Five years ago, the Centers for Disease Control and Prevention (CDC) recommended all girls and young women be vaccinated against the human papillomavirus (HPV) a sexually transmitted virus that is the key cause of cervical cancer.

Late last week the CDC broadened that to include boys and young men as well.

This may come as a surprise, as males, of course, are not able to contract cervical cancer. But they can carry the disease unknowingly and infect women through sexual activity. It's for this reason that an advisory panel of the CDC unanimously recommended the vaccine for boys before age 13 (although the HPV vaccine can be effective up to age 21 in men).

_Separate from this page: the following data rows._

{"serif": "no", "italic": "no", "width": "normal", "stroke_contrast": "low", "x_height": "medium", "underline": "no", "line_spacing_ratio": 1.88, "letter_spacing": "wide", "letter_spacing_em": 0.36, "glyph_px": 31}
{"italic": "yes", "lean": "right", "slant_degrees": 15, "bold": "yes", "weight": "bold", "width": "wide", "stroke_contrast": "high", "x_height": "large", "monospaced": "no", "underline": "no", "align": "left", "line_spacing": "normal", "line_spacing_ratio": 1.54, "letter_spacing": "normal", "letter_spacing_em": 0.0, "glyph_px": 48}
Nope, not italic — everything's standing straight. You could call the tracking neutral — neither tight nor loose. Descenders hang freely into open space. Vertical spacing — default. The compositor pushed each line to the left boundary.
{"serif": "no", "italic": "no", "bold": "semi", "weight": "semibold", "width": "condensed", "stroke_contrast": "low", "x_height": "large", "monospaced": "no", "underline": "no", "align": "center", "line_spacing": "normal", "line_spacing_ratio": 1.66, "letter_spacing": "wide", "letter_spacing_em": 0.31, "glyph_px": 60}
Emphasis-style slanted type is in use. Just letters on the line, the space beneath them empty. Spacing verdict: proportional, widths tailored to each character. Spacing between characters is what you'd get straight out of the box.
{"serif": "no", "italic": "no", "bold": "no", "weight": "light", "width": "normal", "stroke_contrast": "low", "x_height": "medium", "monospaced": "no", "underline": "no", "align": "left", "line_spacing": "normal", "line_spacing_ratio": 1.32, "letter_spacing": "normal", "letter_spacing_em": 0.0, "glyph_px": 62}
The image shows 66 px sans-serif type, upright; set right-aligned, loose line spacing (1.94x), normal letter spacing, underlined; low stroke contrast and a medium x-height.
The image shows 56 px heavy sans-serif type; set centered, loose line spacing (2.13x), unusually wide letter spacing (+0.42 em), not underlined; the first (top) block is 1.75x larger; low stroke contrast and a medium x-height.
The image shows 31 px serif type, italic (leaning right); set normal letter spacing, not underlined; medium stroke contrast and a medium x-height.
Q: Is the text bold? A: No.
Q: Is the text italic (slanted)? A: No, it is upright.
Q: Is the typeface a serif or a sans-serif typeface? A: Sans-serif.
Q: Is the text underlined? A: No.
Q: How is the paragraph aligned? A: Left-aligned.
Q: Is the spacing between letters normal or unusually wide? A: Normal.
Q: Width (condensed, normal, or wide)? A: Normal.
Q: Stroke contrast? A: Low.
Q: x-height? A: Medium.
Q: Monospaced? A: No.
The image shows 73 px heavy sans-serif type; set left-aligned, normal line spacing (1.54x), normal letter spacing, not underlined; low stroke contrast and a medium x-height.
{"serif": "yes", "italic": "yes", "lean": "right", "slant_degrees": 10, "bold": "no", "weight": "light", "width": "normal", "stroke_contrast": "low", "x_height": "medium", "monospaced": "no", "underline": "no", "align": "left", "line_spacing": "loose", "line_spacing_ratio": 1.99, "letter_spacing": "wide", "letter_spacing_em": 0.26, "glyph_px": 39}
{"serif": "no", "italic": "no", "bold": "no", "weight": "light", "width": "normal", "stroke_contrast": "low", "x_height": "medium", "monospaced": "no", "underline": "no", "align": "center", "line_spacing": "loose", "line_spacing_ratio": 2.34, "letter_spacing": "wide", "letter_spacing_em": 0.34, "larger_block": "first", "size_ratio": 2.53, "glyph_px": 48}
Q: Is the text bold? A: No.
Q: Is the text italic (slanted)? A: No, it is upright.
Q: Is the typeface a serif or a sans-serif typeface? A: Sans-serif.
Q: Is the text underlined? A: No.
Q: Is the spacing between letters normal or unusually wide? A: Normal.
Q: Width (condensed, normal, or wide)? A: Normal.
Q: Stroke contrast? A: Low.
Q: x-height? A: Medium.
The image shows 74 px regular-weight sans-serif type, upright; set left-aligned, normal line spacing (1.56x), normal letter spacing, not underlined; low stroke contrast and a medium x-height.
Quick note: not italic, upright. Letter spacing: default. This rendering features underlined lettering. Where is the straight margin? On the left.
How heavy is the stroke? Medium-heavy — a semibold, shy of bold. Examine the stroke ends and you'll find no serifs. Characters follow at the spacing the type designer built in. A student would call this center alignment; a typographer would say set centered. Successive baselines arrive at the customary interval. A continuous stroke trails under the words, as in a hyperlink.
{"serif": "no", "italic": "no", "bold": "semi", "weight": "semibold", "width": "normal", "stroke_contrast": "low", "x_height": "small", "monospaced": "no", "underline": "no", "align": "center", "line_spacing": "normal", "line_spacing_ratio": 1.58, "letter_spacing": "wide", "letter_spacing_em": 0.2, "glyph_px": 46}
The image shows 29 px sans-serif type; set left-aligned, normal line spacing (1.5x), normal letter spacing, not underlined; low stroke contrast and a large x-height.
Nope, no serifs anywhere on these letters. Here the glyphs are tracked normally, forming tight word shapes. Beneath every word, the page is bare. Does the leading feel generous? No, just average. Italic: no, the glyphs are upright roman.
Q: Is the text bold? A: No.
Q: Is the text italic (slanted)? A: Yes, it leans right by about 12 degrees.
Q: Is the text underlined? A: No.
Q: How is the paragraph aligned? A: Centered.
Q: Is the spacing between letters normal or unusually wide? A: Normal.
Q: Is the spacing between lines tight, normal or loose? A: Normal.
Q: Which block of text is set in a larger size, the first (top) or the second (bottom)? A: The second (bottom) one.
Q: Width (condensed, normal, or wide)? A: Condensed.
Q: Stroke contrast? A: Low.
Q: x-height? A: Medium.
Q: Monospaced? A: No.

Miriam Hospital's Michelle Lally, MD: a good thing

Michelle Lally, MD, an infectious disease expert and physician at the Miriam Hospital, applauds the move for a number of reasons, both from public and private health perspective.

"Girls cannot get cervical cancer unless they are first infected with an HPV virus," Lally said. And although most HPV clears, she said, it is in fact the main cause of cervical cancer. "Among vaccines, the quadravalent HPV vaccine is one of if not the most effective vaccines available in terms of offering protection against a target virus," she said.

For boys, there are more issues at stake than just responsible sexual health with regards to infecting female partners. ""Heterosexual boys can develop genital warts, penile cancer, and anal cancer from HPV," Lally said, adding that boys who have sex with other boys are at increased risk for anal cancer.

Will it be covered?

Lally said that usually health insurerers follow ACIP recommendations when they cover certain vaccines, meaning that many insurance companies already cover the HPV vaccine for boys, as they do for girls. "But not all," she said. Now, Lally added, with the imperative of the CDC, it is likely that more will cover the vaccine.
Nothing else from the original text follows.